そういえば……リムと仲良くなれたのもダリオさんの特製菓子を渡したのがきっかけだった気がするな。意外と食いしん坊なのかもしれない。
「あのね、お願いしたいことがあるんだけど」
「ん? なにを?」
「小麦や調味料はまだ余ってるんだけど、野菜が少なくなってきたの」
……なるほど。長期保存ができない野菜はそれほど大量には購入しなかったからな。レイやレンが森に自生している山菜なんかを採ってくるのはありがたいが、それだけで足りるというものでもない。

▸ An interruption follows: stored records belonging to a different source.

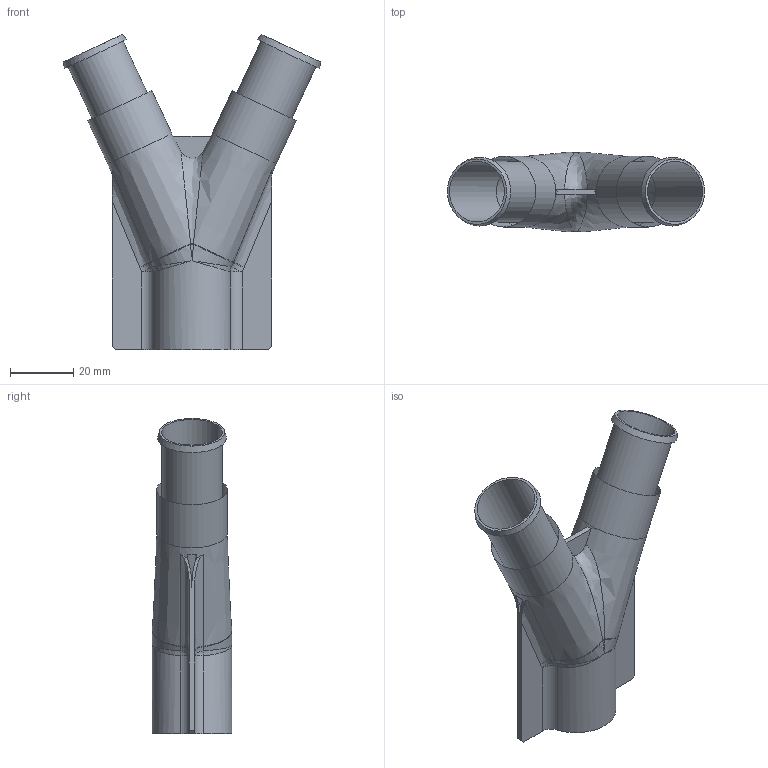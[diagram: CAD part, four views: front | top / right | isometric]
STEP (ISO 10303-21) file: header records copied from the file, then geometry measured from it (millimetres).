
FILE_DESCRIPTION(/* description */ (''),/* implementation_level */ '2;1');
FILE_NAME(/* name */ 'BOQUILLA_int_1.stp',/* time_stamp */ '2020-04-02T18:01:29+02:00',/* author */ ('Usuario'),/* organization */ (''),/* preprocessor_version */ 'ST-DEVELOPER v17',/* originating_system */ 'Autodesk Inventor 2018',/* authorisation */ '');
FILE_SCHEMA (('CONFIG_CONTROL_DESIGN'));
Length unit declared in the file: millimetre
Products named in the file (1): BOQUILLA_int_1.6
Bounding box: 81.14 x 25.1 x 99.34 mm (x, y, z)
Volume: 18402.7 mm3; surface area: 24507 mm2
Topology: 1 solids, 1 shells, 103 faces, 252 edges, 142 vertices
Faces by surface type: bspline 42, cylinder 27, plane 16, cone 10, sphere 4, torus 4
Full cylindrical faces by diameter (mm): 19.1 x2, 21.9 x1, 22.3 x2
Entity records: 3787 total; most frequent: CARTESIAN_POINT 1577, ORIENTED_EDGE 492, DIRECTION 399, EDGE_CURVE 246, AXIS2_PLACEMENT_3D 169, VERTEX_POINT 142, EDGE_LOOP 108, FACE_OUTER_BOUND 103
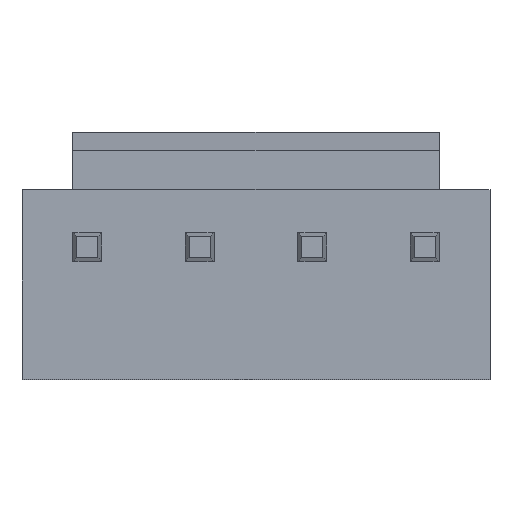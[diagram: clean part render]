
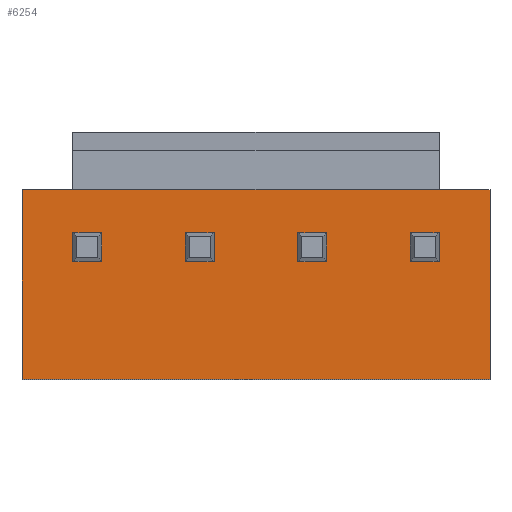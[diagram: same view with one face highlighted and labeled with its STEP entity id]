
A CAD part, top view. The second image highlights one B-rep face of the part: STEP entity #6254.
In plain terms, the highlighted planar face has unit normal (0, 0, 1).
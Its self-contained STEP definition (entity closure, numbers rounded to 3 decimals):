
#504=ORIENTED_EDGE('',*,*,#1717,.F.);
#505=ORIENTED_EDGE('',*,*,#1718,.F.);
#506=ORIENTED_EDGE('',*,*,#1719,.F.);
#507=ORIENTED_EDGE('',*,*,#1720,.F.);
#508=ORIENTED_EDGE('',*,*,#1721,.F.);
#509=ORIENTED_EDGE('',*,*,#1722,.F.);
#510=ORIENTED_EDGE('',*,*,#1723,.F.);
#511=ORIENTED_EDGE('',*,*,#1724,.F.);
#512=ORIENTED_EDGE('',*,*,#1725,.F.);
#513=ORIENTED_EDGE('',*,*,#1726,.F.);
#514=ORIENTED_EDGE('',*,*,#1727,.F.);
#515=ORIENTED_EDGE('',*,*,#1728,.F.);
#516=ORIENTED_EDGE('',*,*,#1693,.F.);
#517=ORIENTED_EDGE('',*,*,#1697,.F.);
#518=ORIENTED_EDGE('',*,*,#1700,.F.);
#519=ORIENTED_EDGE('',*,*,#1702,.F.);
#520=ORIENTED_EDGE('',*,*,#1713,.F.);
#521=ORIENTED_EDGE('',*,*,#1624,.F.);
#522=ORIENTED_EDGE('',*,*,#1729,.F.);
#523=ORIENTED_EDGE('',*,*,#1626,.F.);
#524=ORIENTED_EDGE('',*,*,#1716,.F.);
#525=ORIENTED_EDGE('',*,*,#1715,.F.);
#1624=EDGE_CURVE('',#2261,#2262,#2677,.T.);
#1626=EDGE_CURVE('',#2263,#2264,#2679,.T.);
#1693=EDGE_CURVE('',#2316,#2317,#2746,.T.);
#1697=EDGE_CURVE('',#2320,#2316,#2750,.T.);
#1700=EDGE_CURVE('',#2322,#2320,#2753,.T.);
#1702=EDGE_CURVE('',#2317,#2322,#2755,.T.);
#1713=EDGE_CURVE('',#2262,#2327,#2766,.T.);
#1715=EDGE_CURVE('',#2327,#2328,#2768,.T.);
#1716=EDGE_CURVE('',#2328,#2263,#2769,.T.);
#1717=EDGE_CURVE('',#2329,#2330,#2770,.T.);
#1718=EDGE_CURVE('',#2331,#2329,#2771,.T.);
#1719=EDGE_CURVE('',#2332,#2331,#2772,.T.);
#1720=EDGE_CURVE('',#2330,#2332,#2773,.T.);
#1721=EDGE_CURVE('',#2333,#2334,#2774,.T.);
#1722=EDGE_CURVE('',#2335,#2333,#2775,.T.);
#1723=EDGE_CURVE('',#2336,#2335,#2776,.T.);
#1724=EDGE_CURVE('',#2334,#2336,#2777,.T.);
#1725=EDGE_CURVE('',#2337,#2338,#2778,.T.);
#1726=EDGE_CURVE('',#2339,#2337,#2779,.T.);
#1727=EDGE_CURVE('',#2340,#2339,#2780,.T.);
#1728=EDGE_CURVE('',#2338,#2340,#2781,.T.);
#1729=EDGE_CURVE('',#2264,#2261,#2782,.T.);
#2261=VERTEX_POINT('',#7624);
#2262=VERTEX_POINT('',#7626);
#2263=VERTEX_POINT('',#7630);
#2264=VERTEX_POINT('',#7631);
#2316=VERTEX_POINT('',#7766);
#2317=VERTEX_POINT('',#7768);
#2320=VERTEX_POINT('',#7775);
#2322=VERTEX_POINT('',#7781);
#2327=VERTEX_POINT('',#7806);
#2328=VERTEX_POINT('',#7810);
#2329=VERTEX_POINT('',#7816);
#2330=VERTEX_POINT('',#7817);
#2331=VERTEX_POINT('',#7819);
#2332=VERTEX_POINT('',#7821);
#2333=VERTEX_POINT('',#7824);
#2334=VERTEX_POINT('',#7825);
#2335=VERTEX_POINT('',#7827);
#2336=VERTEX_POINT('',#7829);
#2337=VERTEX_POINT('',#7832);
#2338=VERTEX_POINT('',#7833);
#2339=VERTEX_POINT('',#7835);
#2340=VERTEX_POINT('',#7837);
#2677=LINE('',#7625,#3048);
#2679=LINE('',#7629,#3050);
#2746=LINE('',#7767,#3117);
#2750=LINE('',#7776,#3121);
#2753=LINE('',#7782,#3124);
#2755=LINE('',#7785,#3126);
#2766=LINE('',#7807,#3137);
#2768=LINE('',#7811,#3139);
#2769=LINE('',#7813,#3140);
#2770=LINE('',#7815,#3141);
#2771=LINE('',#7818,#3142);
#2772=LINE('',#7820,#3143);
#2773=LINE('',#7822,#3144);
#2774=LINE('',#7823,#3145);
#2775=LINE('',#7826,#3146);
#2776=LINE('',#7828,#3147);
#2777=LINE('',#7830,#3148);
#2778=LINE('',#7831,#3149);
#2779=LINE('',#7834,#3150);
#2780=LINE('',#7836,#3151);
#2781=LINE('',#7838,#3152);
#2782=LINE('',#7839,#3153);
#3048=VECTOR('',#6773,1000.);
#3050=VECTOR('',#6777,1000.);
#3117=VECTOR('',#6878,1000.);
#3121=VECTOR('',#6884,1000.);
#3124=VECTOR('',#6889,1000.);
#3126=VECTOR('',#6893,1000.);
#3137=VECTOR('',#6916,1000.);
#3139=VECTOR('',#6920,1000.);
#3140=VECTOR('',#6923,1000.);
#3141=VECTOR('',#6926,1000.);
#3142=VECTOR('',#6927,1000.);
#3143=VECTOR('',#6928,1000.);
#3144=VECTOR('',#6929,1000.);
#3145=VECTOR('',#6930,1000.);
#3146=VECTOR('',#6931,1000.);
#3147=VECTOR('',#6932,1000.);
#3148=VECTOR('',#6933,1000.);
#3149=VECTOR('',#6934,1000.);
#3150=VECTOR('',#6935,1000.);
#3151=VECTOR('',#6936,1000.);
#3152=VECTOR('',#6937,1000.);
#3153=VECTOR('',#6938,1000.);
#3455=EDGE_LOOP('',(#504,#505,#506,#507));
#3456=EDGE_LOOP('',(#508,#509,#510,#511));
#3457=EDGE_LOOP('',(#512,#513,#514,#515));
#3458=EDGE_LOOP('',(#516,#517,#518,#519));
#3459=EDGE_LOOP('',(#520,#521,#522,#523,#524,#525));
#3762=FACE_BOUND('',#3455,.T.);
#3763=FACE_BOUND('',#3456,.T.);
#3764=FACE_BOUND('',#3457,.T.);
#3765=FACE_BOUND('',#3458,.T.);
#3766=FACE_BOUND('',#3459,.T.);
#4061=PLANE('',#6558);
#6254=ADVANCED_FACE('',(#3762,#3763,#3764,#3765,#3766),#4061,.F.);
#6558=AXIS2_PLACEMENT_3D('',#7814,#6924,#6925);
#6773=DIRECTION('',(1.,0.,0.));
#6777=DIRECTION('',(1.,0.,0.));
#6878=DIRECTION('',(0.,-1.,0.));
#6884=DIRECTION('',(-1.,0.,0.));
#6889=DIRECTION('',(0.,1.,0.));
#6893=DIRECTION('',(1.,0.,0.));
#6916=DIRECTION('',(0.,-1.,0.));
#6920=DIRECTION('',(-1.,0.,0.));
#6923=DIRECTION('',(0.,1.,0.));
#6924=DIRECTION('',(0.,0.,-1.));
#6925=DIRECTION('',(-1.,0.,0.));
#6926=DIRECTION('',(1.,0.,0.));
#6927=DIRECTION('',(0.,-1.,0.));
#6928=DIRECTION('',(-1.,0.,0.));
#6929=DIRECTION('',(0.,1.,0.));
#6930=DIRECTION('',(1.,0.,0.));
#6931=DIRECTION('',(0.,-1.,0.));
#6932=DIRECTION('',(-1.,0.,0.));
#6933=DIRECTION('',(0.,1.,0.));
#6934=DIRECTION('',(1.,0.,0.));
#6935=DIRECTION('',(0.,-1.,0.));
#6936=DIRECTION('',(-1.,0.,0.));
#6937=DIRECTION('',(0.,1.,0.));
#6938=DIRECTION('',(1.,0.,0.));
#7624=CARTESIAN_POINT('',(6.448,2.032,3.2));
#7625=CARTESIAN_POINT('',(-8.238,2.032,3.2));
#7626=CARTESIAN_POINT('',(8.238,2.032,3.2));
#7629=CARTESIAN_POINT('',(-8.238,2.032,3.2));
#7630=CARTESIAN_POINT('',(-8.238,2.032,3.2));
#7631=CARTESIAN_POINT('',(-6.448,2.032,3.2));
#7766=CARTESIAN_POINT('',(-6.448,0.508,3.2));
#7767=CARTESIAN_POINT('',(-6.448,-0.508,3.2));
#7768=CARTESIAN_POINT('',(-6.448,-0.508,3.2));
#7775=CARTESIAN_POINT('',(-5.432,0.508,3.2));
#7776=CARTESIAN_POINT('',(-6.448,0.508,3.2));
#7781=CARTESIAN_POINT('',(-5.432,-0.508,3.2));
#7782=CARTESIAN_POINT('',(-5.432,0.508,3.2));
#7785=CARTESIAN_POINT('',(-5.432,-0.508,3.2));
#7806=CARTESIAN_POINT('',(8.238,-4.648,3.2));
#7807=CARTESIAN_POINT('',(8.238,2.032,3.2));
#7810=CARTESIAN_POINT('',(-8.238,-4.648,3.2));
#7811=CARTESIAN_POINT('',(8.238,-4.648,3.2));
#7813=CARTESIAN_POINT('',(-8.238,-4.648,3.2));
#7814=CARTESIAN_POINT('',(0.,0.,3.2));
#7815=CARTESIAN_POINT('',(6.448,-0.508,3.2));
#7816=CARTESIAN_POINT('',(5.432,-0.508,3.2));
#7817=CARTESIAN_POINT('',(6.448,-0.508,3.2));
#7818=CARTESIAN_POINT('',(5.432,-0.508,3.2));
#7819=CARTESIAN_POINT('',(5.432,0.508,3.2));
#7820=CARTESIAN_POINT('',(5.432,0.508,3.2));
#7821=CARTESIAN_POINT('',(6.448,0.508,3.2));
#7822=CARTESIAN_POINT('',(6.448,0.508,3.2));
#7823=CARTESIAN_POINT('',(2.488,-0.508,3.2));
#7824=CARTESIAN_POINT('',(1.472,-0.508,3.2));
#7825=CARTESIAN_POINT('',(2.488,-0.508,3.2));
#7826=CARTESIAN_POINT('',(1.472,-0.508,3.2));
#7827=CARTESIAN_POINT('',(1.472,0.508,3.2));
#7828=CARTESIAN_POINT('',(1.472,0.508,3.2));
#7829=CARTESIAN_POINT('',(2.488,0.508,3.2));
#7830=CARTESIAN_POINT('',(2.488,0.508,3.2));
#7831=CARTESIAN_POINT('',(-1.472,-0.508,3.2));
#7832=CARTESIAN_POINT('',(-2.488,-0.508,3.2));
#7833=CARTESIAN_POINT('',(-1.472,-0.508,3.2));
#7834=CARTESIAN_POINT('',(-2.488,-0.508,3.2));
#7835=CARTESIAN_POINT('',(-2.488,0.508,3.2));
#7836=CARTESIAN_POINT('',(-2.488,0.508,3.2));
#7837=CARTESIAN_POINT('',(-1.472,0.508,3.2));
#7838=CARTESIAN_POINT('',(-1.472,0.508,3.2));
#7839=CARTESIAN_POINT('',(-8.238,2.032,3.2));
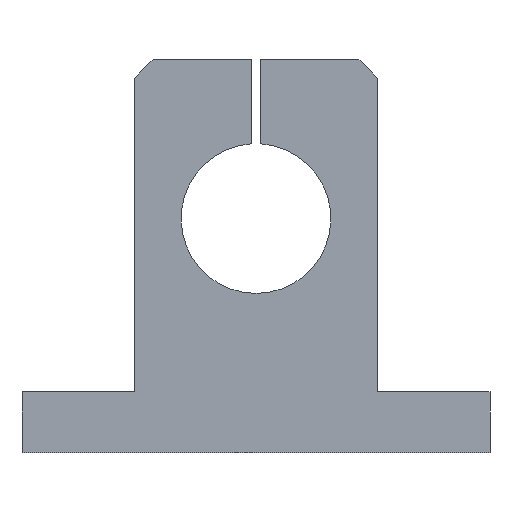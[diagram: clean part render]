
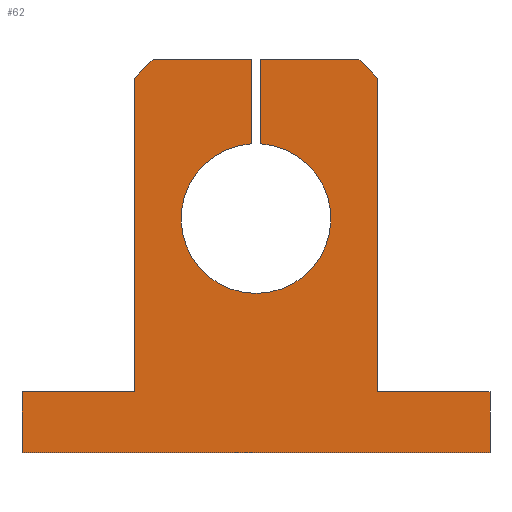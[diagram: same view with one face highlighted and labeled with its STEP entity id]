
A CAD part, front view. The second image highlights one B-rep face of the part: STEP entity #62.
In plain terms, the highlighted planar face has unit normal (0, -1, 0).
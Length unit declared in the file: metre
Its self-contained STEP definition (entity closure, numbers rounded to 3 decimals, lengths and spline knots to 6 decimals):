
#62 = ADVANCED_FACE( '', ( #145 ), #146, .F. );
#145 = FACE_OUTER_BOUND( '', #253, .T. );
#146 = PLANE( '', #254 );
#253 = EDGE_LOOP( '', ( #377, #378, #379, #380, #381, #382, #383, #384, #385, #386, #387, #388, #389, #390 ) );
#254 = AXIS2_PLACEMENT_3D( '', #391, #392, #393 );
#377 = ORIENTED_EDGE( '', *, *, #623, .F. );
#378 = ORIENTED_EDGE( '', *, *, #624, .T. );
#379 = ORIENTED_EDGE( '', *, *, #625, .F. );
#380 = ORIENTED_EDGE( '', *, *, #626, .T. );
#381 = ORIENTED_EDGE( '', *, *, #627, .T. );
#382 = ORIENTED_EDGE( '', *, *, #628, .T. );
#383 = ORIENTED_EDGE( '', *, *, #629, .F. );
#384 = ORIENTED_EDGE( '', *, *, #630, .T. );
#385 = ORIENTED_EDGE( '', *, *, #631, .F. );
#386 = ORIENTED_EDGE( '', *, *, #632, .F. );
#387 = ORIENTED_EDGE( '', *, *, #633, .F. );
#388 = ORIENTED_EDGE( '', *, *, #619, .F. );
#389 = ORIENTED_EDGE( '', *, *, #634, .F. );
#390 = ORIENTED_EDGE( '', *, *, #635, .F. );
#391 = CARTESIAN_POINT( '', ( -0.025, -0.008, 0. ) );
#392 = DIRECTION( '', ( 0., 1., 0. ) );
#393 = DIRECTION( '', ( 0., 0., 1. ) );
#619 = EDGE_CURVE( '', #731, #733, #734, .T. );
#623 = EDGE_CURVE( '', #739, #740, #741, .T. );
#624 = EDGE_CURVE( '', #739, #742, #743, .F. );
#625 = EDGE_CURVE( '', #744, #742, #745, .T. );
#626 = EDGE_CURVE( '', #744, #746, #747, .T. );
#627 = EDGE_CURVE( '', #746, #748, #749, .T. );
#628 = EDGE_CURVE( '', #748, #750, #751, .T. );
#629 = EDGE_CURVE( '', #752, #750, #753, .T. );
#630 = EDGE_CURVE( '', #752, #754, #755, .F. );
#631 = EDGE_CURVE( '', #756, #754, #757, .T. );
#632 = EDGE_CURVE( '', #758, #756, #759, .T. );
#633 = EDGE_CURVE( '', #733, #758, #760, .T. );
#634 = EDGE_CURVE( '', #761, #731, #762, .T. );
#635 = EDGE_CURVE( '', #740, #761, #763, .T. );
#731 = VERTEX_POINT( '', #893 );
#733 = VERTEX_POINT( '', #896 );
#734 = LINE( '', #897, #898 );
#739 = VERTEX_POINT( '', #904 );
#740 = VERTEX_POINT( '', #905 );
#741 = LINE( '', #906, #907 );
#742 = VERTEX_POINT( '', #908 );
#743 = LINE( '', #909, #910 );
#744 = VERTEX_POINT( '', #911 );
#745 = LINE( '', #912, #913 );
#746 = VERTEX_POINT( '', #914 );
#747 = LINE( '', #915, #916 );
#748 = VERTEX_POINT( '', #917 );
#749 = CIRCLE( '', #918, 0.008 );
#750 = VERTEX_POINT( '', #919 );
#751 = LINE( '', #920, #921 );
#752 = VERTEX_POINT( '', #922 );
#753 = LINE( '', #923, #924 );
#754 = VERTEX_POINT( '', #925 );
#755 = LINE( '', #926, #927 );
#756 = VERTEX_POINT( '', #928 );
#757 = LINE( '', #929, #930 );
#758 = VERTEX_POINT( '', #931 );
#759 = LINE( '', #932, #933 );
#760 = LINE( '', #934, #935 );
#761 = VERTEX_POINT( '', #936 );
#762 = LINE( '', #937, #938 );
#763 = LINE( '', #939, #940 );
#893 = CARTESIAN_POINT( '', ( 0.025, -0.008, 0. ) );
#896 = CARTESIAN_POINT( '', ( -0.025, -0.008, 0. ) );
#897 = CARTESIAN_POINT( '', ( 0.025, -0.008, 0. ) );
#898 = VECTOR( '', #1074, 1. );
#904 = CARTESIAN_POINT( '', ( 0.013, -0.008, 0.04 ) );
#905 = CARTESIAN_POINT( '', ( 0.013, -0.008, 0.0065 ) );
#906 = CARTESIAN_POINT( '', ( 0.013, -0.008, 0.042 ) );
#907 = VECTOR( '', #1079, 1. );
#908 = CARTESIAN_POINT( '', ( 0.011, -0.008, 0.042 ) );
#909 = CARTESIAN_POINT( '', ( 0.011, -0.008, 0.042 ) );
#910 = VECTOR( '', #1080, 1. );
#911 = CARTESIAN_POINT( '', ( 0.0005, -0.008, 0.042 ) );
#912 = CARTESIAN_POINT( '', ( -0.013, -0.008, 0.042 ) );
#913 = VECTOR( '', #1081, 1. );
#914 = CARTESIAN_POINT( '', ( 0.0005, -0.008, 0.032984 ) );
#915 = CARTESIAN_POINT( '', ( 0.0005, -0.008, 0.042 ) );
#916 = VECTOR( '', #1082, 1. );
#917 = CARTESIAN_POINT( '', ( -0.0005, -0.008, 0.032984 ) );
#918 = AXIS2_PLACEMENT_3D( '', #1083, #1084, #1085 );
#919 = CARTESIAN_POINT( '', ( -0.0005, -0.008, 0.042 ) );
#920 = CARTESIAN_POINT( '', ( -0.0005, -0.008, 0.025 ) );
#921 = VECTOR( '', #1086, 1. );
#922 = CARTESIAN_POINT( '', ( -0.011, -0.008, 0.042 ) );
#923 = CARTESIAN_POINT( '', ( -0.013, -0.008, 0.042 ) );
#924 = VECTOR( '', #1087, 1. );
#925 = CARTESIAN_POINT( '', ( -0.013, -0.008, 0.04 ) );
#926 = CARTESIAN_POINT( '', ( -0.013, -0.008, 0.04 ) );
#927 = VECTOR( '', #1088, 1. );
#928 = CARTESIAN_POINT( '', ( -0.013, -0.008, 0.0065 ) );
#929 = CARTESIAN_POINT( '', ( -0.013, -0.008, 0.0065 ) );
#930 = VECTOR( '', #1089, 1. );
#931 = CARTESIAN_POINT( '', ( -0.025, -0.008, 0.0065 ) );
#932 = CARTESIAN_POINT( '', ( -0.025, -0.008, 0.0065 ) );
#933 = VECTOR( '', #1090, 1. );
#934 = CARTESIAN_POINT( '', ( -0.025, -0.008, 0. ) );
#935 = VECTOR( '', #1091, 1. );
#936 = CARTESIAN_POINT( '', ( 0.025, -0.008, 0.0065 ) );
#937 = CARTESIAN_POINT( '', ( 0.025, -0.008, 0.0065 ) );
#938 = VECTOR( '', #1092, 1. );
#939 = CARTESIAN_POINT( '', ( 0.013, -0.008, 0.0065 ) );
#940 = VECTOR( '', #1093, 1. );
#1074 = DIRECTION( '', ( -1., 0., 0. ) );
#1079 = DIRECTION( '', ( 0., 0., -1. ) );
#1080 = DIRECTION( '', ( 0.707, 0., -0.707 ) );
#1081 = DIRECTION( '', ( 1., 0., 0. ) );
#1082 = DIRECTION( '', ( 0., 0., -1. ) );
#1083 = CARTESIAN_POINT( '', ( 0., -0.008, 0.025 ) );
#1084 = DIRECTION( '', ( 0., 1., 0. ) );
#1085 = DIRECTION( '', ( 1., 0., 0. ) );
#1086 = DIRECTION( '', ( 0., 0., 1. ) );
#1087 = DIRECTION( '', ( 1., 0., 0. ) );
#1088 = DIRECTION( '', ( 0.707, 0., 0.707 ) );
#1089 = DIRECTION( '', ( 0., 0., 1. ) );
#1090 = DIRECTION( '', ( 1., 0., 0. ) );
#1091 = DIRECTION( '', ( 0., 0., 1. ) );
#1092 = DIRECTION( '', ( 0., 0., -1. ) );
#1093 = DIRECTION( '', ( 1., 0., 0. ) );

「わかった。もうすぐアモルファスまでの道が完成する予定だし、また色々と調達してくるよ」
「あ、それならオイラからも一つ提案があるんだけど」
リムの次は、レンが口を開いた。
「この遺跡ってさ。わりと色んなところに魔道具が使われてるけど、動かすにはマナ結晶体が必要だよね?」
そのとおりだ。結界魔道具は必要だと思ったからすぐに起動させたが、他の魔道具のほとんどはまだ停止したままの状態である。
だって、全部動かそうと思ったらお高いんですもの。
「すぐそこに資源豊富な鉱山があるんだよね?」
「……まさか、お前」
なんという大それたことを考えるやつだ。いくら俺でもそこまで考えはしないぞ。
「え? いや、アモルファスまでの道が開通したら採掘作業が開始されるだろうからさ。そしたらティアモちゃんにお願いして、採掘されたマナ結晶体を割引して売ってもらえないかなって」
……お、おう。そういうことだよな。
わかってたよ。わかってた。俺も同じことを考えてたから。
「今回の依頼でかなり貢献したことになるだろうし、多少は割引してくれるかもな」
次にティアモに会うとき、言ってみることにしよう。
それにしても……野菜か。
街に赴いて調達するのは簡単だが、いつまでも外部から仕入れるというのもな。
理想は遺跡周辺の余ってる土地を耕すなどして、自給自足できれば文句はないのだが。
農業……ね。
俺の知り合いに農作業スキルなんかを所持している人間っていたっけか?
いやいや、たしかに拠点を充実させるのもいいが、俺自身のスキル強化も進めなければ。
最近でスキルに変化があったのは、ヌコのおかげでモンスターテイムのスキル熟練度がわずかに上昇したぐらいである。
まあ……とりあえずは今の依頼を完遂してからだな。